Random Variable Transformation normal/binomial

Question

I have the following problem I can not solve:

We have two indipendent random Variables given by: $$ X \sim N_{(0,1)} $$ and $$ Y_p \sim B_{(1,p)} $$ Now I want to show, that $Z_p \sim N_{(0,1)}$ $\forall p \in (0,1)$ , with $$ Z_p = (-1)^{Y_p}\cdot X $$ Additionally there is a Hint whoch says, that: $$ \mathbb{P}(A) = \mathbb{P}(A \cap \{ Y_p = 1\}) + \mathbb{P}(A \cap \{ Y_p = 0\}) $$

I know that a transformation is given by: $$ F_Z(z) = \mathbb{P}(Z_p < z) = \mathbb{P}((-1)^{Y_p}\cdot X < z) $$ And this I somehow get my boundarys for the integration. But I cannot figure out how this is done.

Answer 1

I preassume that $X$ and $Y_p$ are independent.

For every Borel measurable $A$: $$\begin{aligned}P\left(Z_{p}\in A\right) & =P\left(Z_{p}\in A\mid Y_{p}=0\right)P\left(Y_{p}=0\right)+P\left(Z_{p}\in A\mid Y_{p}=1\right)P\left(Y_{p}=1\right)\\ & =P\left(X\in A\mid Y_{p}=0\right)\left(1-p\right)+P\left(-X\in A\mid Y_{p}=1\right)p\\ & =P\left(X\in A\right)\left(1-p\right)+P\left(-X\in A\right)p\\ & =P\left(X\in A\right)\left(1-p\right)+P\left(X\in A\right)p\\ & =P\left(X\in A\right) \end{aligned} $$

The third equality rests on independence and the fourth equality rests on the fact that $X$ and $-X$ have the same distribution.

Answer 2

Welcome to MSE! :-)

First note, that if $X \sim \mathrm{N}(0,1)$, that also $-X \sim \mathrm{N}(0,1)$, you can see this when noting, that the probability density function of $\mathrm{N}(0,1)$ is symmetric around $0$. Which to me would be an intuitive explanation of why this statement is true. However, this explanation works only, if $X$ and $Y_p$ are independent, hence I will assume that in the following.

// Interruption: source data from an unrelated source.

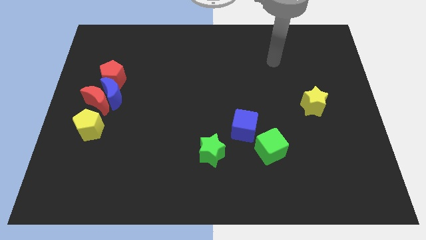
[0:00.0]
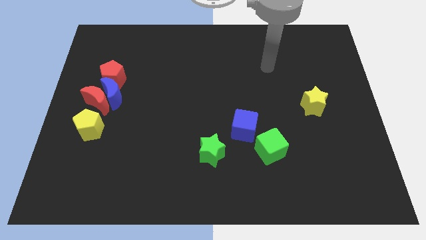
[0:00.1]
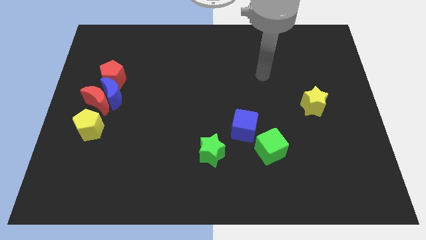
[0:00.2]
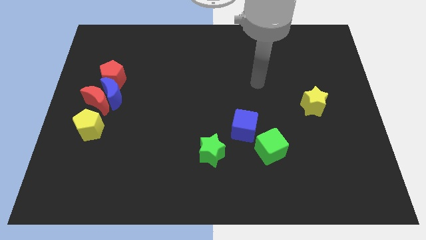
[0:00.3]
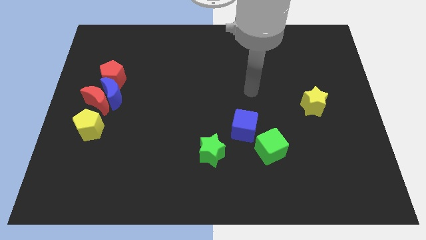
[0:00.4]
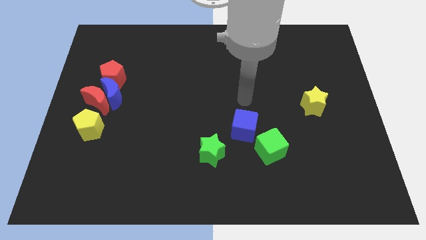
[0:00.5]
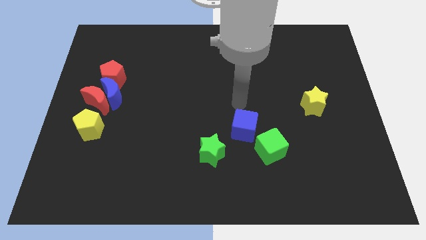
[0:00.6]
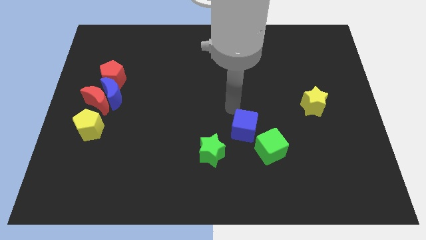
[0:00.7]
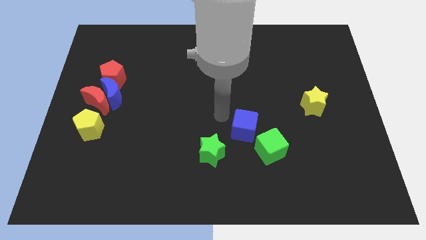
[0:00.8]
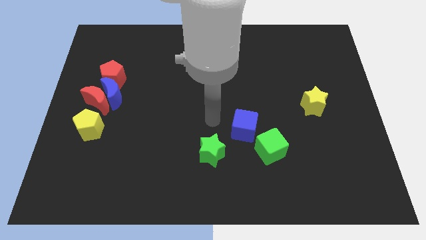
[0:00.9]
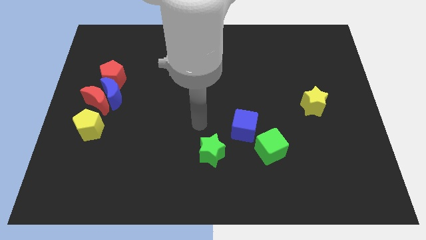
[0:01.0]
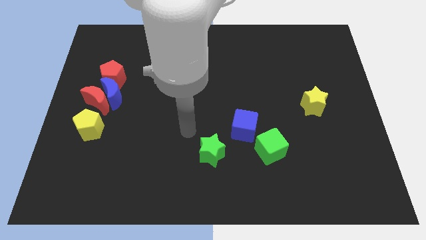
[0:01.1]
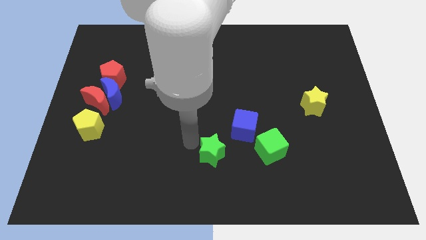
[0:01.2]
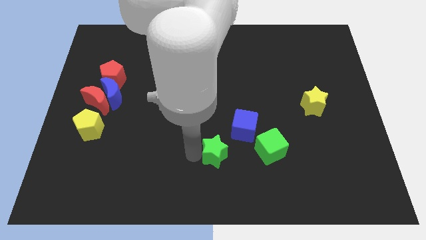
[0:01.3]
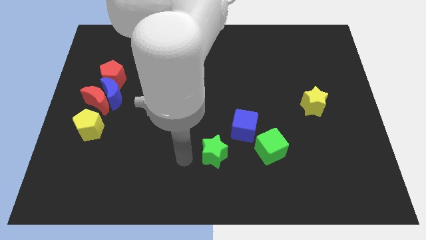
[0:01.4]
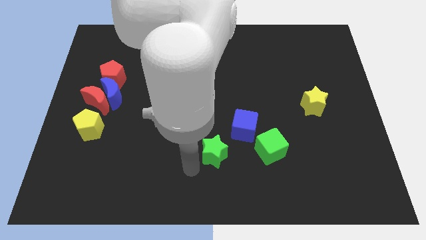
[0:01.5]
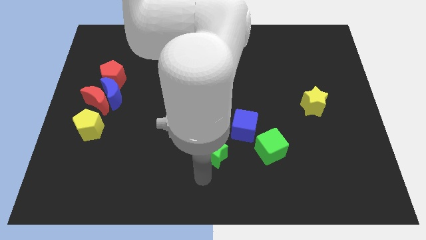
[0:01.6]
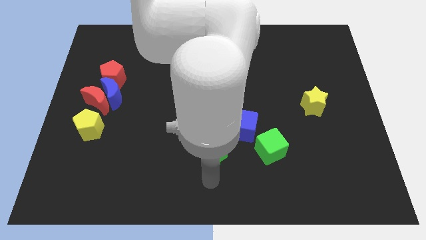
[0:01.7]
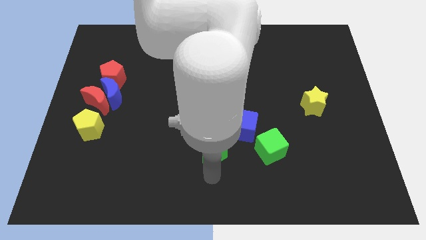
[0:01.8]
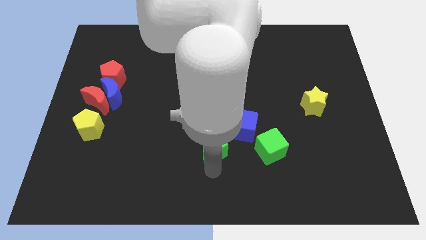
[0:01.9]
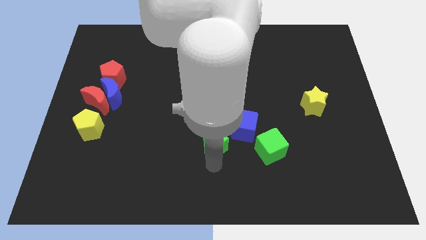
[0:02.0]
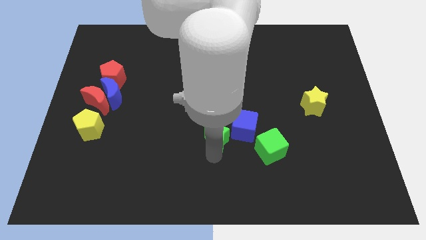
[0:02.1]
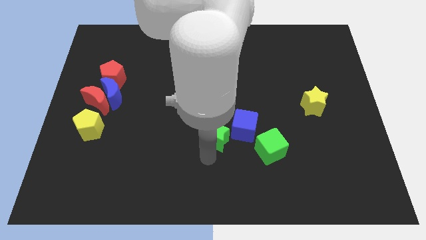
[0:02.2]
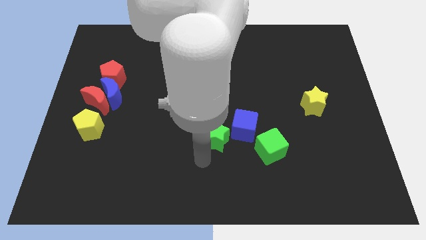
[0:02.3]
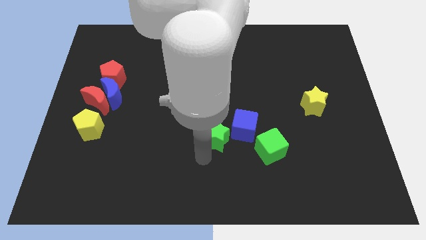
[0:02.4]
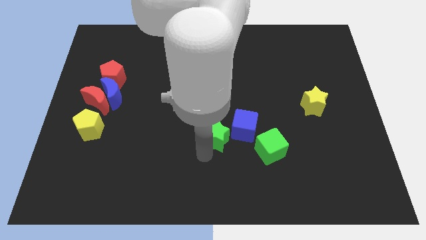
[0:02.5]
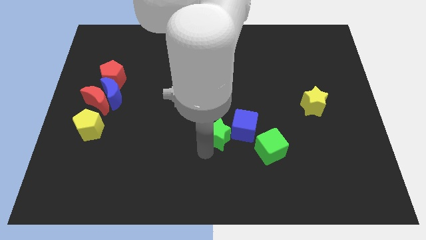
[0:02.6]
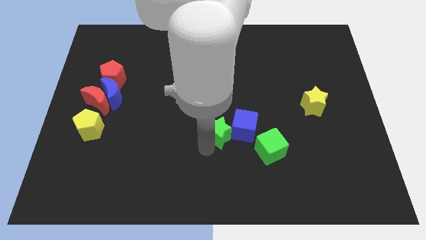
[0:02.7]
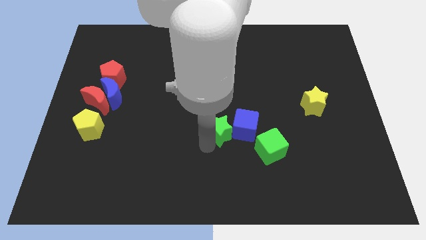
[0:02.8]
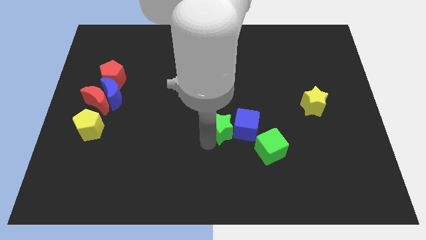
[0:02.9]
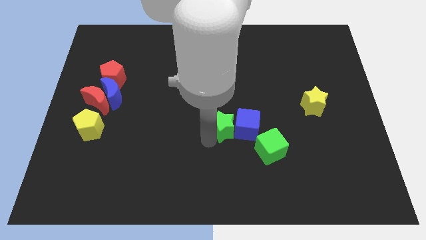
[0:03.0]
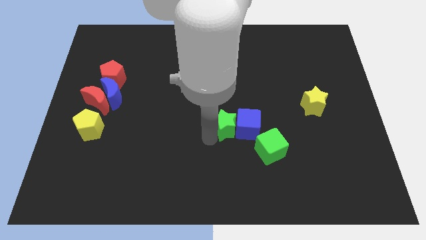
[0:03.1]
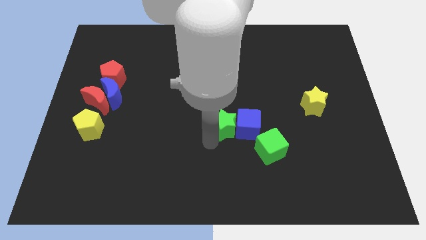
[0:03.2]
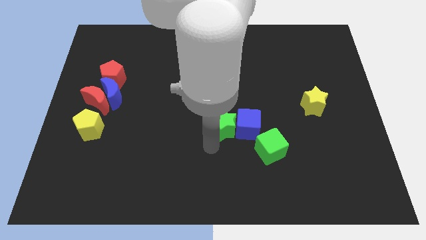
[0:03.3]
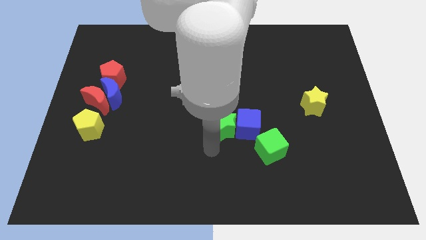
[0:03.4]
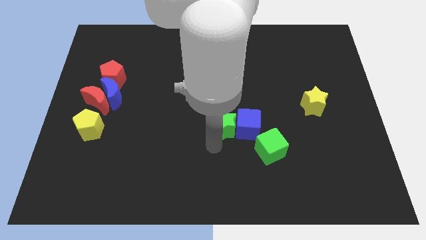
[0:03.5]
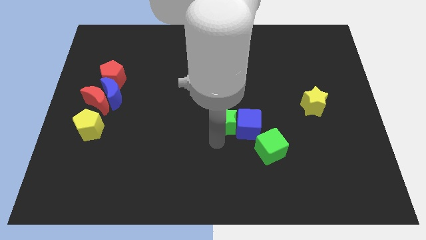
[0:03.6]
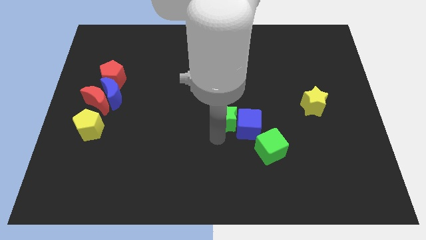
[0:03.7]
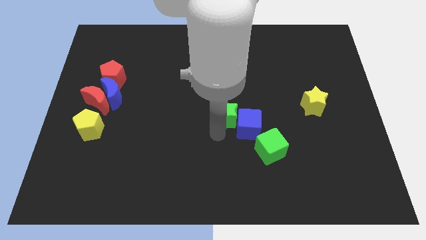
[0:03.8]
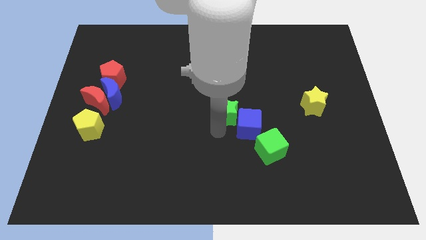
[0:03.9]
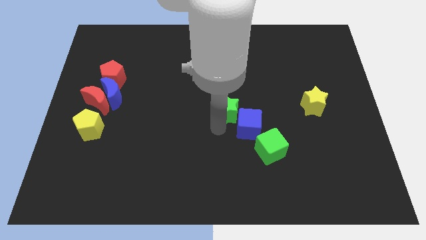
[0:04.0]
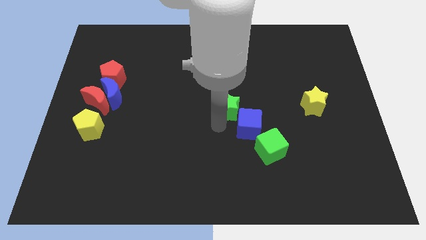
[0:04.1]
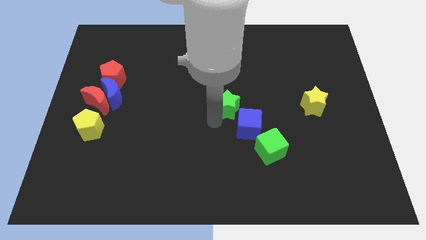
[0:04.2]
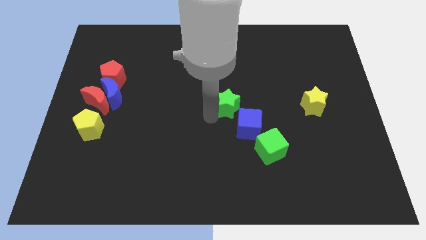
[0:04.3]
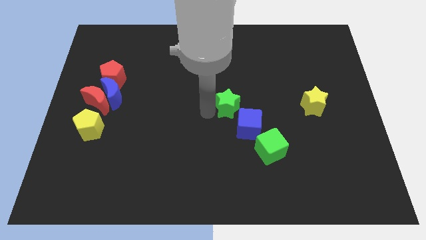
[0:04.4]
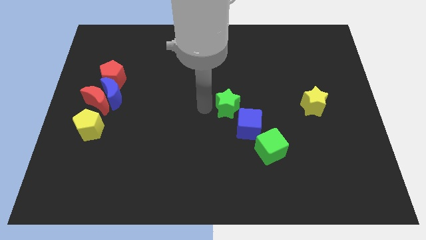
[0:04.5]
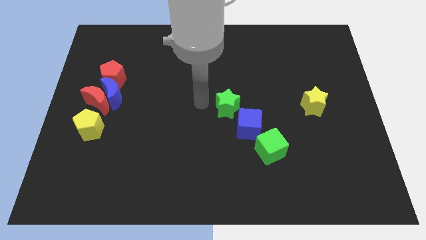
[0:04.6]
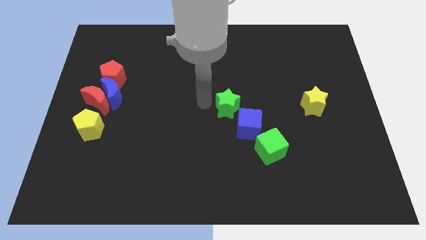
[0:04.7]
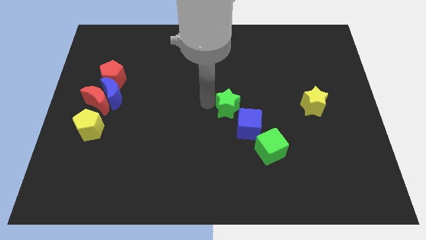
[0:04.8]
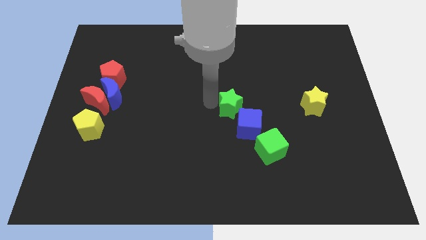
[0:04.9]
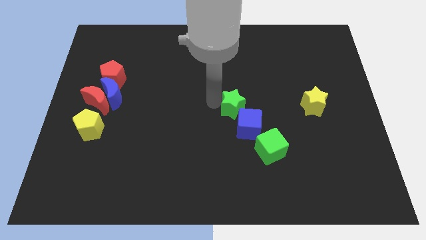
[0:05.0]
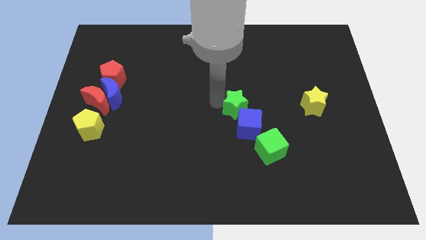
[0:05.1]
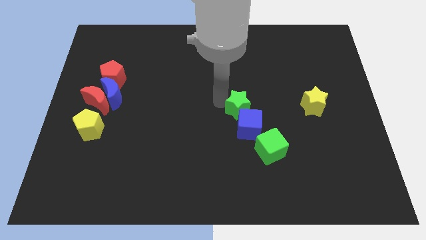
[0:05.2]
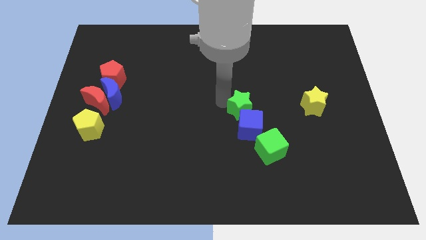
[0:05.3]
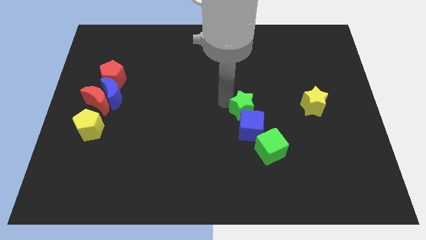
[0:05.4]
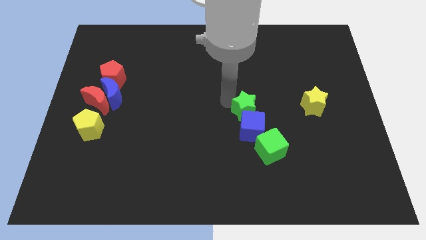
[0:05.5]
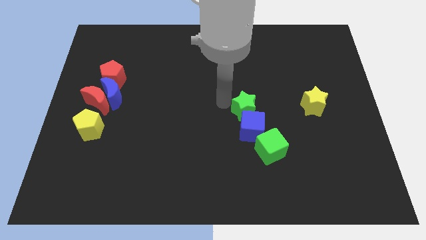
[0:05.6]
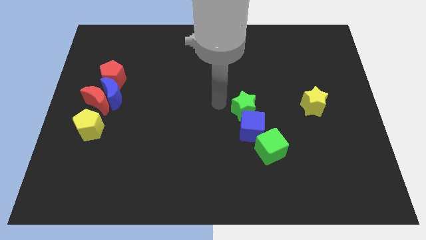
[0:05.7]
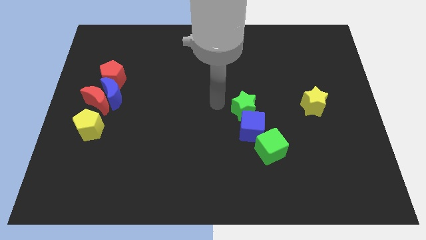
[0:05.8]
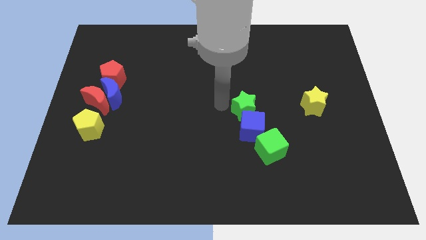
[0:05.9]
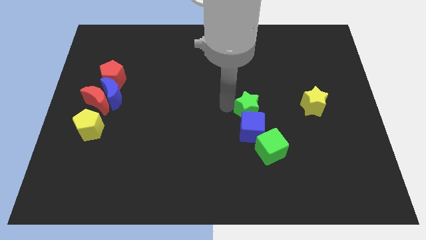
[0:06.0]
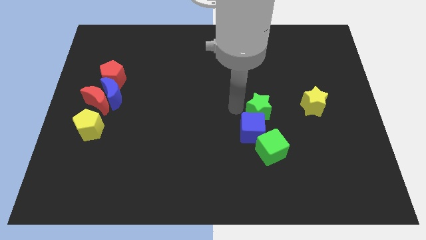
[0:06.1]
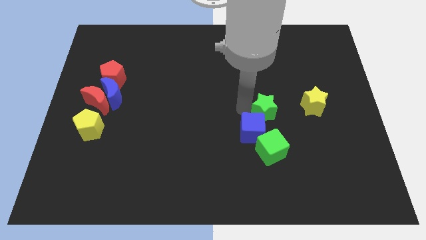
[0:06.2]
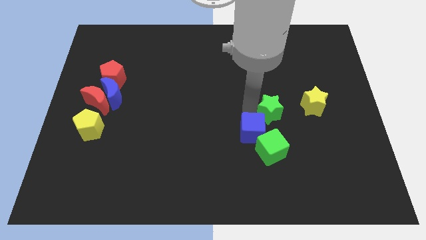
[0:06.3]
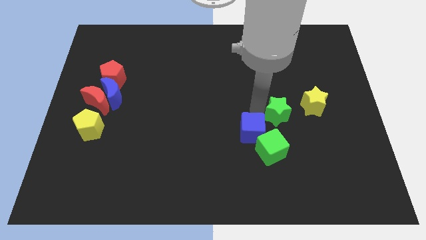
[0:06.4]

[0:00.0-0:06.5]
put the green star to the bottom left of the yellow star

Anyway, let's dig more into detail. Let $A \subseteq \mathbb{R}$ (measurable) and \begin{align*}\mathbb{P}(Z_p \in A) &= \mathbb{P}(\{Z_p \in A\} \cap \{Y_p = 1\}) + \mathbb{P}(\{Z_p \in A\} \cap \{Y_p = 0\}) \\ &= \mathbb{P}(\{-X \in A\} \cap \{Y_p = 1\}) + \mathbb{P}(\{X \in A\} \cap \{Y_p = 0\}).\end{align*} The last statement is true, since we know whether $Z_p = -X$ or $Z_p = X$, if we fix $Y_p$. Since $X$ and $Y_p$ are independent, we obtain \begin{align*}\mathbb{P}(\{-X \in A\} \cap \{Y_p = 1\}) &= p\mathbb{P}(\{-X \in A\}, \\ \mathbb{P}(\{X \in A\} \cap \{Y_p = 0\}) &= (1-p)\mathbb{P}(\{X \in A\}.\end{align*} The symmetry of $\mathrm{N}(0,1)$ implies that $\mathbb{P}(X \in A) = \mathbb{P}(-X \in A)$. Applying that first displayed formula, we obtain $$\mathbb{P}(Z_p \in A) = (p + 1 -p)\mathbb{P}(X \in A) = \mathbb{P}(X \in A) = \mathrm{N}(0,1)(A).$$ Hence, $Z_p \sim \mathrm{N}(0,1)$.